Will 3-D printing launch a new industrial revolution?

Brownout

Joined Jan 10, 2012
2,390
First a disclaimer: I skipped about 4 pages of this thread.

For a moment I wondered about the 'revolution' of 3D printing, since the enabling technology has been around since the 70's. Then it hit me: this revolution is a 'grass roots' effort and let by home inventors. As it turns out, I think, the technology reached the domestic mad scientist and 3D printing is the result. It does sort of remind me of the PC revolution. There might be something there.
 

THE_RB

Joined Feb 11, 2008
5,438
Good point, but the "revolution" is occuring with industrial machines too.

Some now can print multiple materials, like clear/coloured/had plastic/soft plastic/rubber/wax etc all at the same time.

Generally the wax is a support material, but the others are permanent and allow printing something like a toy car with clear windows and rubber tyres, fully assembled!

The applications of that multi material tech are pretty revolutionary, especially in electronics.
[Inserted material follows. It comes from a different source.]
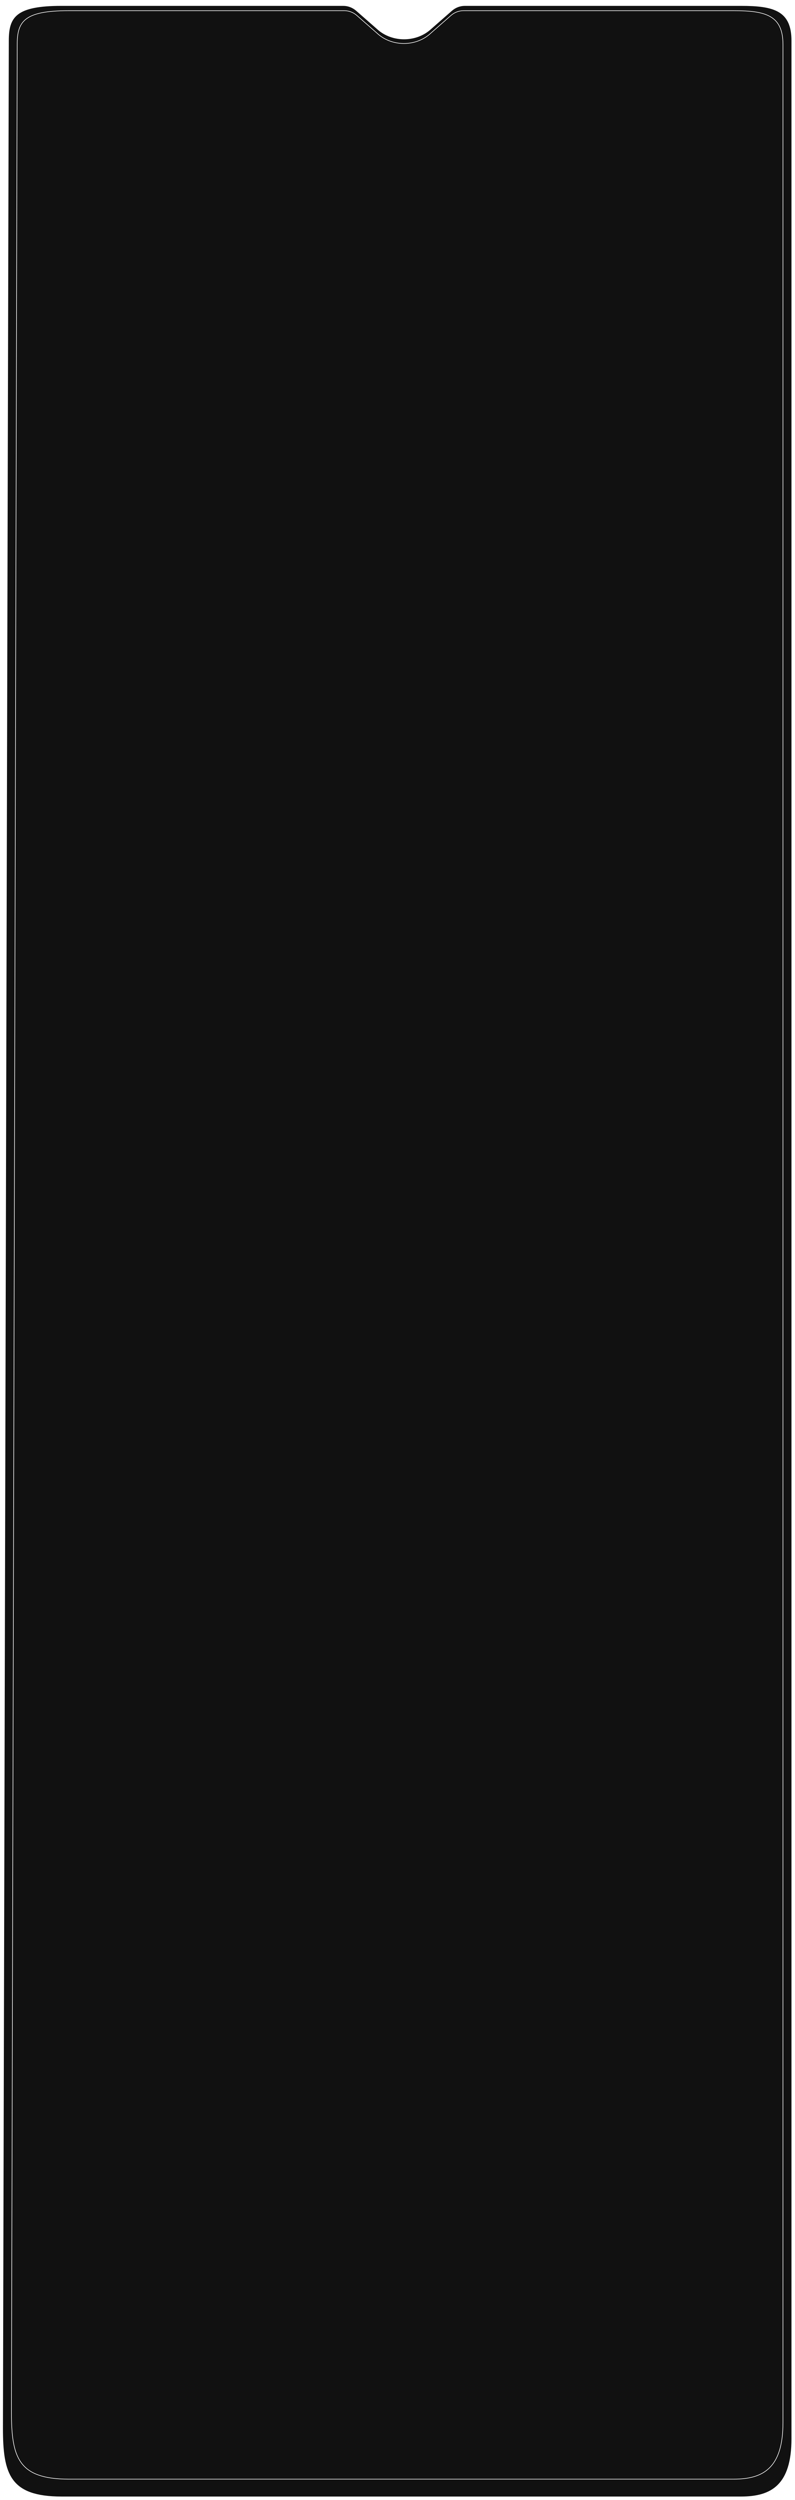 <?xml version="1.0" encoding="UTF-8"?> <svg xmlns="http://www.w3.org/2000/svg" width="1355" height="4259" viewBox="0 0 1355 4259" fill="none"> <g filter="url(#filter0_d)"> <path d="M770.152 8.462C776.392 2.993 784.237 0 792.335 0H1263C1319.02 0 1349 8.462 1349 59.385L1349 4144.5C1349 4223.01 1315.01 4243.14 1263 4243.14H643.973H105.001C17 4243.14 5 4204.89 5 4126.38L15.004 59.385C15.004 19.124 27.004 0 105.005 0H584.997C593.095 0 600.94 2.993 607.18 8.462L643.977 40.717C668.658 62.347 708.674 62.347 733.356 40.717L770.152 8.462Z" fill="#111111"></path> </g> <path d="M768.549 26.398C774.57 21.107 782.135 18.216 789.94 18.216H1250.8C1278.24 18.216 1299.16 20.3 1313.22 28.547C1327.21 36.751 1334.51 51.118 1334.51 76.003L1334.5 4127.18C1334.5 4165.66 1326.19 4189.7 1311.64 4204.13C1297.09 4218.57 1276.21 4223.5 1250.79 4223.5H644.661H116.918C73.885 4223.5 49.617 4214.12 36.052 4195.3C22.45 4176.44 19.5 4147.95 19.5 4109.4L29.303 76.004C29.303 56.269 32.244 41.916 44.531 32.437C56.869 22.917 78.742 18.216 116.929 18.216H586.921C594.726 18.216 602.29 21.107 608.312 26.398L644.342 58.056C668.698 79.453 708.163 79.453 732.519 58.056L768.549 26.398Z" stroke="white"></path> <defs> <filter id="filter0_d" x="0" y="0" width="1354" height="4258.14" filterUnits="userSpaceOnUse" color-interpolation-filters="sRGB"> <feFlood flood-opacity="0" result="BackgroundImageFix"></feFlood> <feColorMatrix in="SourceAlpha" type="matrix" values="0 0 0 0 0 0 0 0 0 0 0 0 0 0 0 0 0 0 127 0"></feColorMatrix> <feOffset dy="10"></feOffset> <feGaussianBlur stdDeviation="2.5"></feGaussianBlur> <feColorMatrix type="matrix" values="0 0 0 0 0 0 0 0 0 0 0 0 0 0 0 0 0 0 0.05 0"></feColorMatrix> <feBlend mode="normal" in2="BackgroundImageFix" result="effect1_dropShadow"></feBlend> <feBlend mode="normal" in="SourceGraphic" in2="effect1_dropShadow" result="shape"></feBlend> </filter> </defs> </svg>

Imagine being able to simultaneously print in materials; plastic/conductor/resistive/light emitting etc on a micro scale and have a finished electronic device?
 

Thread Starter

Wendy

Joined Mar 24, 2008
23,429
There are conductive plastics that raise interesting possibilities. There is some effort to make metallic 3D printers, I have no clue how they work, but am interested.
 

THE_RB

Joined Feb 11, 2008
5,438
I saw a commercial design metallic printer on TV. It used a bed of metal powder, then bubblejet printed glue to glue the powder together in layers to make a 3D metal object.

The object was delicate, and had to be gently removed and supported in chalk powder etc, and put in a kiln. The kiln sintered the metal dust together and burnt off the few percent of glue. Result was a solid metal object.
 

GopherT

Joined Nov 23, 2012
8,009
There is an active post under "projects" to build an open source / group sourced metallic 3D printer. A very successful plastic printer already has been built as an Internet team (RepRap). In fact, more parts have been built with a RepRap than any commercial printer (as a sum of all parts ever printed).

The metallic project team is asking AAC members for help in design and programming. They are just starting out. They want to use something known in the industry as, "laser sintering" of metal powders.

ACC Thread on metal 3D printing
 

Thread Starter

Wendy

Joined Mar 24, 2008
23,429
I noticed it. As long as there are no requests for money it is OK. That is what usually gets most projects like that in trouble here.
 

colepinter

Joined Apr 19, 2013
10
Theres a documentary where people are making guns with 3D printers. look it up on youtube... crazy stuff....
But yes, ive even seen this one company selling 3d printers for pretty cheap compared the the most of them, i think under 1000 or something around there...
Give it another 10 years, they will be very common, and i think humanity will change alot. . . i think 3d printer will bring alot of solutions to people, as well as alot of problems.
 

GopherT

Joined Nov 23, 2012
8,009

Delaj

Joined Aug 12, 2013
4
Wow, so it is banned already? Anyone else see a lot of future technological ideas being banned because the government isn't okay with it as it might pose a risk. Seems silly to halt production on things that can really make a change in the world.
 

Thread Starter

Wendy

Joined Mar 24, 2008
23,429
You miss a major point, no casting required, and it is a one step process.

I've been using 3D software to draw projects, and it is easy.